- Your objective -
From the line containing "Character: 𬮝" through the end of the entries, please repeat every line exactly and nothing more; the pictures do not belong in the copy.

---------- Entries supplied

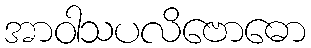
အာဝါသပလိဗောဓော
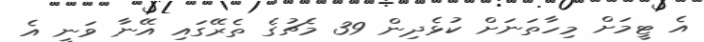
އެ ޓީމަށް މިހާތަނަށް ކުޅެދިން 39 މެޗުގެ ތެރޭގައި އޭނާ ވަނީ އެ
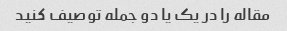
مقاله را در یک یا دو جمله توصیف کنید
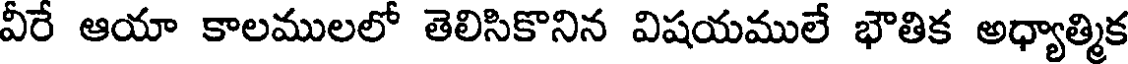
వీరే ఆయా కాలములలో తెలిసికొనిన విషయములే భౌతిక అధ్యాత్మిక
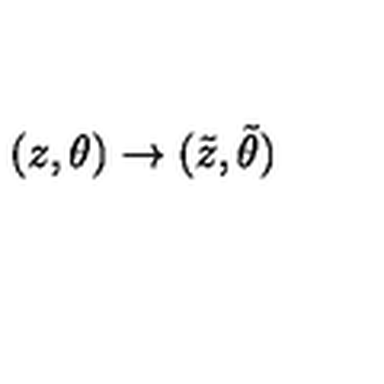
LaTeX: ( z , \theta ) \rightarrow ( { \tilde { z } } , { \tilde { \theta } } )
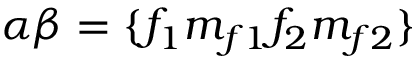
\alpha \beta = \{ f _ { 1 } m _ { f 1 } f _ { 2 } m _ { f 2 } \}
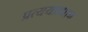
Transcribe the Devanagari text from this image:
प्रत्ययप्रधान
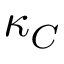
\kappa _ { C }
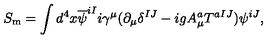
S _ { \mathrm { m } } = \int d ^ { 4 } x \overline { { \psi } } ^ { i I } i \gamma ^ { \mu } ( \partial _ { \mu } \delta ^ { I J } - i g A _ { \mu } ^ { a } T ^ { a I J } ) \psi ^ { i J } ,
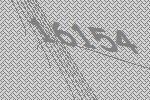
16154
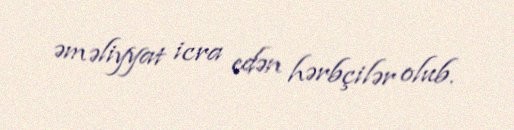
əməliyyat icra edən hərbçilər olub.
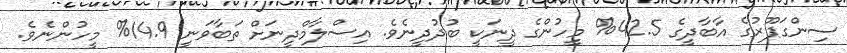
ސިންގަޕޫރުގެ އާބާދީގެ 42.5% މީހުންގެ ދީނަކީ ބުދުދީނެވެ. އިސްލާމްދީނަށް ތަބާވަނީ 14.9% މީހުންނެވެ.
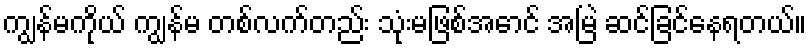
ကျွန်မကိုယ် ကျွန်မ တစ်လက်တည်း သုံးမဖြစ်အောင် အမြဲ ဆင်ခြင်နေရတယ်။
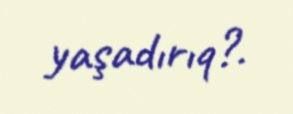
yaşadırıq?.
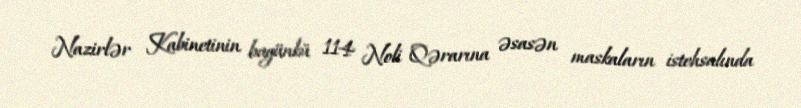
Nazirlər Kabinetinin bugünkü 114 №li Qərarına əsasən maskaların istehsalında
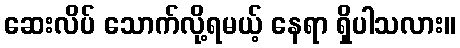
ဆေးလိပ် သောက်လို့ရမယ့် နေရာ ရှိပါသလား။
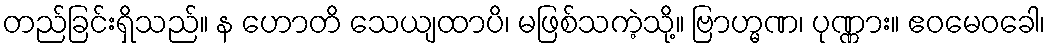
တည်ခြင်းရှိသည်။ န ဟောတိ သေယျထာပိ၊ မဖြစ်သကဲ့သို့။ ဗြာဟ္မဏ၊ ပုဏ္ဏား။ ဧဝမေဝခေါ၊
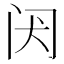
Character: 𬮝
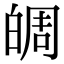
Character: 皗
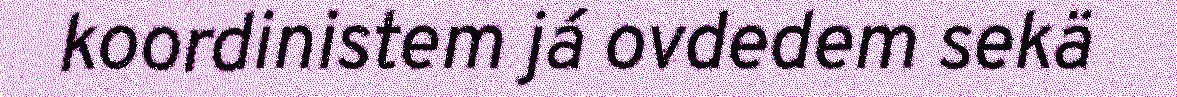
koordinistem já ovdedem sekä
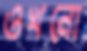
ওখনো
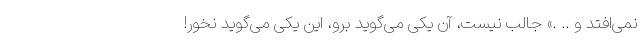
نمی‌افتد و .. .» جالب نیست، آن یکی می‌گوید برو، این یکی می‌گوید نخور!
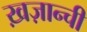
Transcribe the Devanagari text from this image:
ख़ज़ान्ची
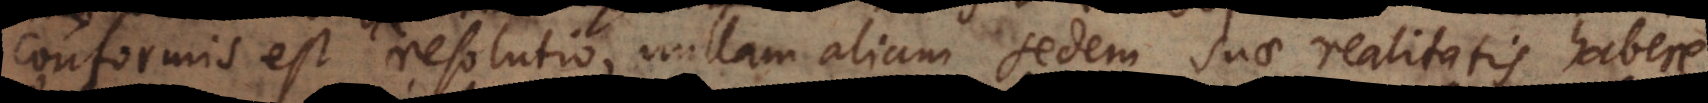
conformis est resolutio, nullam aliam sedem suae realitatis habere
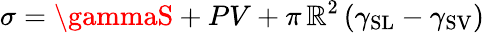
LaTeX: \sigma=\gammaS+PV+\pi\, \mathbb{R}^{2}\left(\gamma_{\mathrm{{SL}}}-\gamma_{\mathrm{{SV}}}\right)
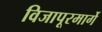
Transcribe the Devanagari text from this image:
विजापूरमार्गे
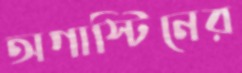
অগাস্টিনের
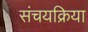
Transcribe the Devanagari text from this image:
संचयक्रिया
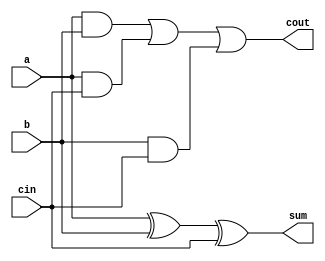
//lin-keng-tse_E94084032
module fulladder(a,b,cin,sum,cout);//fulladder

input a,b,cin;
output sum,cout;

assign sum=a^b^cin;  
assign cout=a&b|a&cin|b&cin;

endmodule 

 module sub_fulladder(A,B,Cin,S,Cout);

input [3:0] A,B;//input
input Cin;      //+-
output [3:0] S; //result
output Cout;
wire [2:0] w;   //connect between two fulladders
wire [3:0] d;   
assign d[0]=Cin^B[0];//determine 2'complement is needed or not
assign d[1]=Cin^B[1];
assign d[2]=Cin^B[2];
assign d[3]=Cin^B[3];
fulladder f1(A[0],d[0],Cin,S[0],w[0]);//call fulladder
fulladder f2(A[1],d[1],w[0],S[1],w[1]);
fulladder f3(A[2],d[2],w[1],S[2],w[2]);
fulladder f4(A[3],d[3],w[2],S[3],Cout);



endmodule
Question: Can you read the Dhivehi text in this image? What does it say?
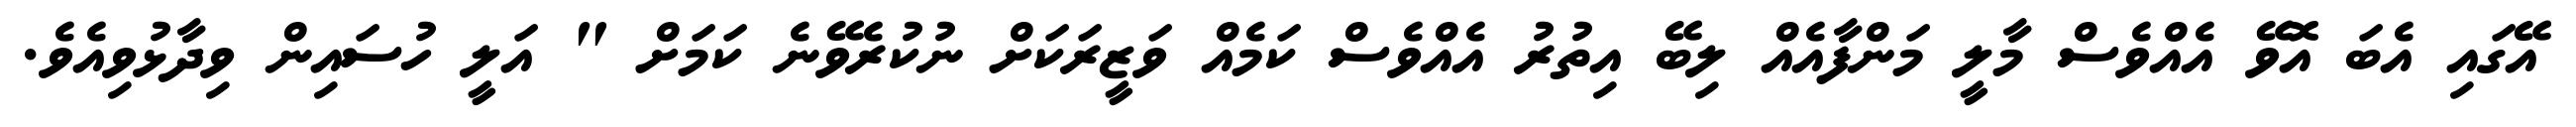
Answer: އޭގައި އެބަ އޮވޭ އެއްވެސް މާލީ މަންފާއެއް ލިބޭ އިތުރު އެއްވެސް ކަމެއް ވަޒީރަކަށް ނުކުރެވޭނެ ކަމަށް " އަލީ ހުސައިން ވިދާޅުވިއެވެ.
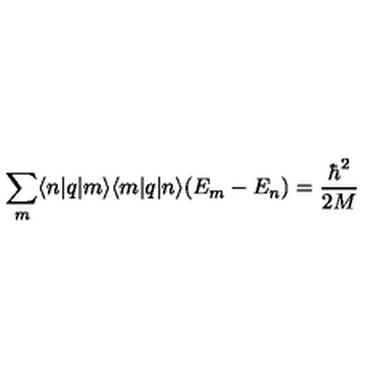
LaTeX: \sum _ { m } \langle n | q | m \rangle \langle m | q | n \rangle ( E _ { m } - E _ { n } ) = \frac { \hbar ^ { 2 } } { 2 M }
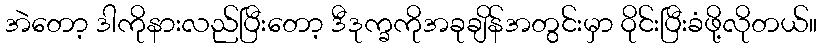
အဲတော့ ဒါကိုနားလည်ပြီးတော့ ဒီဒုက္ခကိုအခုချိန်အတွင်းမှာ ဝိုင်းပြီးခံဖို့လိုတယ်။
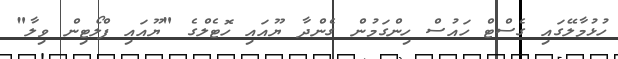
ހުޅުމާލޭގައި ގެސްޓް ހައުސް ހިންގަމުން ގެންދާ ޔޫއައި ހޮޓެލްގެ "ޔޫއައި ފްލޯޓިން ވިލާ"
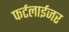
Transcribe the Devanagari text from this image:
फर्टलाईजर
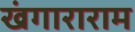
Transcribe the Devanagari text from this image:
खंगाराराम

--------------------

- Reply -
Character: 𬮝
Character: 皗
koordinistem já ovdedem sekä
ওখনো
نمی‌افتد و .. .» جالب نیست، آن یکی می‌گوید برو، این یکی می‌گوید نخور!
Transcribe the Devanagari text from this image:
ख़ज़ान्ची
conformis est resolutio, nullam aliam sedem suae realitatis habere
LaTeX: \sigma=\gammaS+PV+\pi\, \mathbb{R}^{2}\left(\gamma_{\mathrm{{SL}}}-\gamma_{\mathrm{{SV}}}\right)
Transcribe the Devanagari text from this image:
विजापूरमार्गे
অগাস্টিনের
Transcribe the Devanagari text from this image:
संचयक्रिया
//lin-keng-tse_E94084032
module fulladder(a,b,cin,sum,cout);//fulladder

input a,b,cin;
output sum,cout;

assign sum=a^b^cin;  
assign cout=a&b|a&cin|b&cin;

endmodule 

 module sub_fulladder(A,B,Cin,S,Cout);

input [3:0] A,B;//input
input Cin;      //+-
output [3:0] S; //result
output Cout;
wire [2:0] w;   //connect between two fulladders
wire [3:0] d;   
assign d[0]=Cin^B[0];//determine 2'complement is needed or not
assign d[1]=Cin^B[1];
assign d[2]=Cin^B[2];
assign d[3]=Cin^B[3];
fulladder f1(A[0],d[0],Cin,S[0],w[0]);//call fulladder
fulladder f2(A[1],d[1],w[0],S[1],w[1]);
fulladder f3(A[2],d[2],w[1],S[2],w[2]);
fulladder f4(A[3],d[3],w[2],S[3],Cout);



endmodule
Question: Can you read the Dhivehi text in this image? What does it say?
Answer: އޭގައި އެބަ އޮވޭ އެއްވެސް މާލީ މަންފާއެއް ލިބޭ އިތުރު އެއްވެސް ކަމެއް ވަޒީރަކަށް ނުކުރެވޭނެ ކަމަށް " އަލީ ހުސައިން ވިދާޅުވިއެވެ.
LaTeX: \sum _ { m } \langle n | q | m \rangle \langle m | q | n \rangle ( E _ { m } - E _ { n } ) = \frac { \hbar ^ { 2 } } { 2 M }
အဲတော့ ဒါကိုနားလည်ပြီးတော့ ဒီဒုက္ခကိုအခုချိန်အတွင်းမှာ ဝိုင်းပြီးခံဖို့လိုတယ်။
ހުޅުމާލޭގައި ގެސްޓް ހައުސް ހިންގަމުން ގެންދާ ޔޫއައި ހޮޓެލްގެ "ޔޫއައި ފްލޯޓިން ވިލާ"
Transcribe the Devanagari text from this image:
फर्टलाईजर
Transcribe the Devanagari text from this image:
खंगाराराम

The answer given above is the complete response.